◆ **Activity**
Return the records below exactly as they are written.
Top of Data under study
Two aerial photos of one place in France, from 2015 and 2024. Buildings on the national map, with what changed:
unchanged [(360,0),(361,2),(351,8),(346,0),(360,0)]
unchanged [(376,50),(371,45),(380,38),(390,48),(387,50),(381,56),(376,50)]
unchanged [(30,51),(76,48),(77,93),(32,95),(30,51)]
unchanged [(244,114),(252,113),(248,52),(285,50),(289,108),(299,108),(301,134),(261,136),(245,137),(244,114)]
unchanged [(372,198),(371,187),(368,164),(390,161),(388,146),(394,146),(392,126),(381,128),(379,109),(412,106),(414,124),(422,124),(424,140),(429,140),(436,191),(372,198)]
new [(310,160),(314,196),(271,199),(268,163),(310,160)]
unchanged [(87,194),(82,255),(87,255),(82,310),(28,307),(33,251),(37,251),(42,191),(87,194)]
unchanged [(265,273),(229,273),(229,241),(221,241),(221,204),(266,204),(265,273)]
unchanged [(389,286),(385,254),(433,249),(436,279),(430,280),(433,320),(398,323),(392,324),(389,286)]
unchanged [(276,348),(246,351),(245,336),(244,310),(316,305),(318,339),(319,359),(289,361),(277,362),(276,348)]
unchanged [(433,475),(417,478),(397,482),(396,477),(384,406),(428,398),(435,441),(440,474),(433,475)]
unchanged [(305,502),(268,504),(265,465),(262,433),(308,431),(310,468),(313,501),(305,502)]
Bottom of Data under study
◆ **Written solution**
Two aerial photos of one place in France, from 2015 and 2024. Buildings on the national map, with what changed:
unchanged [(360,0),(361,2),(351,8),(346,0),(360,0)]
unchanged [(376,50),(371,45),(380,38),(390,48),(387,50),(381,56),(376,50)]
unchanged [(30,51),(76,48),(77,93),(32,95),(30,51)]
unchanged [(244,114),(252,113),(248,52),(285,50),(289,108),(299,108),(301,134),(261,136),(245,137),(244,114)]
unchanged [(372,198),(371,187),(368,164),(390,161),(388,146),(394,146),(392,126),(381,128),(379,109),(412,106),(414,124),(422,124),(424,140),(429,140),(436,191),(372,198)]
new [(310,160),(314,196),(271,199),(268,163),(310,160)]
unchanged [(87,194),(82,255),(87,255),(82,310),(28,307),(33,251),(37,251),(42,191),(87,194)]
unchanged [(265,273),(229,273),(229,241),(221,241),(221,204),(266,204),(265,273)]
unchanged [(389,286),(385,254),(433,249),(436,279),(430,280),(433,320),(398,323),(392,324),(389,286)]
unchanged [(276,348),(246,351),(245,336),(244,310),(316,305),(318,339),(319,359),(289,361),(277,362),(276,348)]
unchanged [(433,475),(417,478),(397,482),(396,477),(384,406),(428,398),(435,441),(440,474),(433,475)]
unchanged [(305,502),(268,504),(265,465),(262,433),(308,431),(310,468),(313,501),(305,502)]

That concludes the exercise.